What you are asked to do>
In the listing beneath this line, copy exactly the lines starting with the one containing "Visible wood surface" and going on through the one containing "Diagnosis: benign".

-- Opening Marker --

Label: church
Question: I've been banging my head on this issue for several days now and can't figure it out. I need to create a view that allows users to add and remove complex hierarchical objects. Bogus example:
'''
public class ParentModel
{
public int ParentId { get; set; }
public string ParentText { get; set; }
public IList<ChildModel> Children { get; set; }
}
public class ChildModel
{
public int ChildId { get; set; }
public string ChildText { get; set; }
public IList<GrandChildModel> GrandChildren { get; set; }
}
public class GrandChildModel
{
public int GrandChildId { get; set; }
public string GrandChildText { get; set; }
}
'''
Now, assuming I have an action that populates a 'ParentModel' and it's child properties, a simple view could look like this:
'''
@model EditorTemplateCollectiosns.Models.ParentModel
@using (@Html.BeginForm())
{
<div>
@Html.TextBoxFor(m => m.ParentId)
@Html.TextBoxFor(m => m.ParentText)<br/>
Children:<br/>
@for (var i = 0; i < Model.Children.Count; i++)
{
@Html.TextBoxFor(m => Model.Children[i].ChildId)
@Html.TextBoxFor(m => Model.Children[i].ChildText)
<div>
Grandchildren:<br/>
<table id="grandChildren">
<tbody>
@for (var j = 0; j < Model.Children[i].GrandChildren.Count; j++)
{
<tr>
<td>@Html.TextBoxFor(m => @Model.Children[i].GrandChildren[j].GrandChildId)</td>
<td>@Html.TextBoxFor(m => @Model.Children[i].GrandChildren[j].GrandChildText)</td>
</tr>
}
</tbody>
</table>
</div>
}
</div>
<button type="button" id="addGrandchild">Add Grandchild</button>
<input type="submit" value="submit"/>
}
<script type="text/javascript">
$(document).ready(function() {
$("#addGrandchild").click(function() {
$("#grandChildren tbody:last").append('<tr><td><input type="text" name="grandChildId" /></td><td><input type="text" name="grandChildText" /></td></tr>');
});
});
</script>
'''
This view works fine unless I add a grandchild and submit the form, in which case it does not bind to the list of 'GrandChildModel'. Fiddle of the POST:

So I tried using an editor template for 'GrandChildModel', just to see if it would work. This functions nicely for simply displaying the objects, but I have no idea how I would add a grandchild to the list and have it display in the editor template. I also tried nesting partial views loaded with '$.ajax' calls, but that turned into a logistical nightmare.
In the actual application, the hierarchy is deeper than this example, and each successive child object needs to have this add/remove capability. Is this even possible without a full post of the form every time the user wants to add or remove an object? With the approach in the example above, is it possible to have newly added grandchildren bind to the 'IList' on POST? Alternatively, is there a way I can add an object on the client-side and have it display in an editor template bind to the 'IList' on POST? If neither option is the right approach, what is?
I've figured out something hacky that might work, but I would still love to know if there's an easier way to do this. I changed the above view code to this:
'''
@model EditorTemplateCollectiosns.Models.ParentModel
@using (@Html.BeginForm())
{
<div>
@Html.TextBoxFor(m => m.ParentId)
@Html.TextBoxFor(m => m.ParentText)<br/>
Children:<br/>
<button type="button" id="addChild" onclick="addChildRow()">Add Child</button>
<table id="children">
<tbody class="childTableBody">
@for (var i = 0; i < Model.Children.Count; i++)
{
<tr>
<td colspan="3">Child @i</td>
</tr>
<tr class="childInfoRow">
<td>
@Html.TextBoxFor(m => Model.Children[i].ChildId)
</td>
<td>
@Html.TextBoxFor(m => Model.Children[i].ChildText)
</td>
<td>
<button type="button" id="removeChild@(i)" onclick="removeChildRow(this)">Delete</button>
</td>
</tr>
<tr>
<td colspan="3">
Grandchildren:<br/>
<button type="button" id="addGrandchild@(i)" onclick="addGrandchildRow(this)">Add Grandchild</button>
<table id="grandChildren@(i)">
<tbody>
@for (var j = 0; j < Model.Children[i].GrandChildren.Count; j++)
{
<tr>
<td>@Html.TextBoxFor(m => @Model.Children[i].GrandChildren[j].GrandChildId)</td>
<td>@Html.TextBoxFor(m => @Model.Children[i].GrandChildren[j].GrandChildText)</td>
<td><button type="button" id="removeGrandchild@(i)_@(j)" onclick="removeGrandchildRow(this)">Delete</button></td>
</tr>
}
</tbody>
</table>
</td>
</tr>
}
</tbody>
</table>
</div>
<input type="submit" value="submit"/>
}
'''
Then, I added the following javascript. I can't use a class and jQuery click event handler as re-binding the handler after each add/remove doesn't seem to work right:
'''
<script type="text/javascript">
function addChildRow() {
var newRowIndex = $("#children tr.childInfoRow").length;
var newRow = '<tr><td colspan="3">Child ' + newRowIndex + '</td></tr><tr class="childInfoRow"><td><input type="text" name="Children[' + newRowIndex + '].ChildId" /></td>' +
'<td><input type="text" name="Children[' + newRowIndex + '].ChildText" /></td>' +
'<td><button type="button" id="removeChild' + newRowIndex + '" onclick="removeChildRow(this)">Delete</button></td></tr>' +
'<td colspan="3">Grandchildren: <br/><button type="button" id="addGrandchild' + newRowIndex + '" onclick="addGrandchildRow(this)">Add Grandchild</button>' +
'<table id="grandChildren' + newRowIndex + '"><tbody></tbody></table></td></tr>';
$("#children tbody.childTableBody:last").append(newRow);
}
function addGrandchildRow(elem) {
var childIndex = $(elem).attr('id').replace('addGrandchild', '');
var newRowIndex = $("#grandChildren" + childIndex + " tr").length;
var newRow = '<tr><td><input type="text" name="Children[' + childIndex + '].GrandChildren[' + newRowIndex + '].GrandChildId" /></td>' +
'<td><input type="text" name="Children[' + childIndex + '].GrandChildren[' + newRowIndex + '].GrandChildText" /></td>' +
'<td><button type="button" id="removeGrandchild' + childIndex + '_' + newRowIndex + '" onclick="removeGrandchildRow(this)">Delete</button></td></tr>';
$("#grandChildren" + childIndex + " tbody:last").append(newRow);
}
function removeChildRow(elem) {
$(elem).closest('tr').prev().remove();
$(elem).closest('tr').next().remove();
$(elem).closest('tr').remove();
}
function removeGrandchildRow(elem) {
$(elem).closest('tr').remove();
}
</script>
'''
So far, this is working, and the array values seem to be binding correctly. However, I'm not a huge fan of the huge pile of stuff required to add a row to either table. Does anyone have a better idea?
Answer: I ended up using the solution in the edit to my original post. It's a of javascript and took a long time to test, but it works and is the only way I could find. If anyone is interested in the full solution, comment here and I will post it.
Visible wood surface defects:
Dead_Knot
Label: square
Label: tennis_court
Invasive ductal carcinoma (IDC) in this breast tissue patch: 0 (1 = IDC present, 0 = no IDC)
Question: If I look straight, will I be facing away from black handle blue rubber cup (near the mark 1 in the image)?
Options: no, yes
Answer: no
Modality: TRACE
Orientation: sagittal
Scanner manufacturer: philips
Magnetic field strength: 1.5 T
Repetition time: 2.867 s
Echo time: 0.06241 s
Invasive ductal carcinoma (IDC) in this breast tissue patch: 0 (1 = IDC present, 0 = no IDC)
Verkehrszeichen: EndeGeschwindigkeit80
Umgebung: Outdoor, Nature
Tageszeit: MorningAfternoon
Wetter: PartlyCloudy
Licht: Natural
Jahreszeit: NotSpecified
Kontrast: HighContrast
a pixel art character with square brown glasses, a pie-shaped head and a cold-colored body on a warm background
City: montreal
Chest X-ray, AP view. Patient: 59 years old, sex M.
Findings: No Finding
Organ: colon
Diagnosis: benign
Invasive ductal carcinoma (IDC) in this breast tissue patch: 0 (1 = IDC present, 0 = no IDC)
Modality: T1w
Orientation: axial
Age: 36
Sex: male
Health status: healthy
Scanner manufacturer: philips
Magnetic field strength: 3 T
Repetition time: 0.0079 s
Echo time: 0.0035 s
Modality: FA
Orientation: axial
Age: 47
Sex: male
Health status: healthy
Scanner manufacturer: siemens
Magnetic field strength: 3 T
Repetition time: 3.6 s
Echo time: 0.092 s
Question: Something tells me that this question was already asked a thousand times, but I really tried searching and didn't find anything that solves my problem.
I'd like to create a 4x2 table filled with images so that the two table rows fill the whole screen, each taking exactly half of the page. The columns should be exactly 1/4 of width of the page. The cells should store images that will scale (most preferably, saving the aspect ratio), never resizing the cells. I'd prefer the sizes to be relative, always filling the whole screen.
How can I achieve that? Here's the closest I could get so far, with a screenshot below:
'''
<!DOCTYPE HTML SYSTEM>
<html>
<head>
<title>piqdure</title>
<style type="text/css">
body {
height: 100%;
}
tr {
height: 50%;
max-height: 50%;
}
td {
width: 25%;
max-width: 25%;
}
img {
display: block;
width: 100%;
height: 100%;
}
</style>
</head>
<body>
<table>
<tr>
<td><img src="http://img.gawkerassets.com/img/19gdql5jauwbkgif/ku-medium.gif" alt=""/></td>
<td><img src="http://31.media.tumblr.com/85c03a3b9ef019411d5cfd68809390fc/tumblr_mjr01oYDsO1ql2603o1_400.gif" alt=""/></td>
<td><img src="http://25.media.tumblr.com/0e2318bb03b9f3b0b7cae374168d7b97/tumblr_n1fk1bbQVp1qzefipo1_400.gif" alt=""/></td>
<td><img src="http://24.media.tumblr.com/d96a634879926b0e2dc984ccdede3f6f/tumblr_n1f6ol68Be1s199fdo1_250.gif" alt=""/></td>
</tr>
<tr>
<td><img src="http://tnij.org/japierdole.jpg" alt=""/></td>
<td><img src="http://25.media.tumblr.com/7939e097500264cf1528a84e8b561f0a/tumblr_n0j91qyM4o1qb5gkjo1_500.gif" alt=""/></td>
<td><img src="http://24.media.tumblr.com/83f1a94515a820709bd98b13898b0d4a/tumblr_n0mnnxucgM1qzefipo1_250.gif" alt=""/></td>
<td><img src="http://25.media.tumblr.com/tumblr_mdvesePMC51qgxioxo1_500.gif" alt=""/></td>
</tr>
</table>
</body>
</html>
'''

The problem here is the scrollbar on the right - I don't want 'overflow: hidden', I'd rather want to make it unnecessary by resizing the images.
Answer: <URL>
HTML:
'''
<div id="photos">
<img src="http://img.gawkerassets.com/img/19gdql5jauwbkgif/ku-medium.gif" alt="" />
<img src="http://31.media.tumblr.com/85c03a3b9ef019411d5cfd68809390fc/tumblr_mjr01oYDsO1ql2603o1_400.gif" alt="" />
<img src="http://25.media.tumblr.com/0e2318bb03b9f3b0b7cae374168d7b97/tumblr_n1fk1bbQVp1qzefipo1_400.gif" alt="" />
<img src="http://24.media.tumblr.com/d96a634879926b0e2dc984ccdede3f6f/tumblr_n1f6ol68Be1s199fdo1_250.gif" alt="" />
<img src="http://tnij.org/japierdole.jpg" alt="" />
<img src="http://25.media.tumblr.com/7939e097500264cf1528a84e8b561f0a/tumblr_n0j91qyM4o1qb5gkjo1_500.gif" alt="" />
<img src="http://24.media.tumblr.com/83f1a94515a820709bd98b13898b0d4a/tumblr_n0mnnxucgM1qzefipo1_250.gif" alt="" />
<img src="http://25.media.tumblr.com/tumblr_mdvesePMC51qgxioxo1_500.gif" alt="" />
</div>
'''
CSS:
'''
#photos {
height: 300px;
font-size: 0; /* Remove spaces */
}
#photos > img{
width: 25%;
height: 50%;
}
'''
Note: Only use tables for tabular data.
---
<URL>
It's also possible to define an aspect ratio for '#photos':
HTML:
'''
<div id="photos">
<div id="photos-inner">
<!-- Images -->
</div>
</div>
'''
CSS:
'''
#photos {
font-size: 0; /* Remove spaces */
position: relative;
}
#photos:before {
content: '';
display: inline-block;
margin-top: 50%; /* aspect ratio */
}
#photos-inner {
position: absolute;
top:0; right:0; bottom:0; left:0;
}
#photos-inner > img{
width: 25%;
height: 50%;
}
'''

-- Closing Marker --

Response below>
Visible wood surface defects:
Dead_Knot
Label: square
Label: tennis_court
Invasive ductal carcinoma (IDC) in this breast tissue patch: 0 (1 = IDC present, 0 = no IDC)
Question: If I look straight, will I be facing away from black handle blue rubber cup (near the mark 1 in the image)?
Options: no, yes
Answer: no
Modality: TRACE
Orientation: sagittal
Scanner manufacturer: philips
Magnetic field strength: 1.5 T
Repetition time: 2.867 s
Echo time: 0.06241 s
Invasive ductal carcinoma (IDC) in this breast tissue patch: 0 (1 = IDC present, 0 = no IDC)
Verkehrszeichen: EndeGeschwindigkeit80
Umgebung: Outdoor, Nature
Tageszeit: MorningAfternoon
Wetter: PartlyCloudy
Licht: Natural
Jahreszeit: NotSpecified
Kontrast: HighContrast
a pixel art character with square brown glasses, a pie-shaped head and a cold-colored body on a warm background
City: montreal
Chest X-ray, AP view. Patient: 59 years old, sex M.
Findings: No Finding
Organ: colon
Diagnosis: benign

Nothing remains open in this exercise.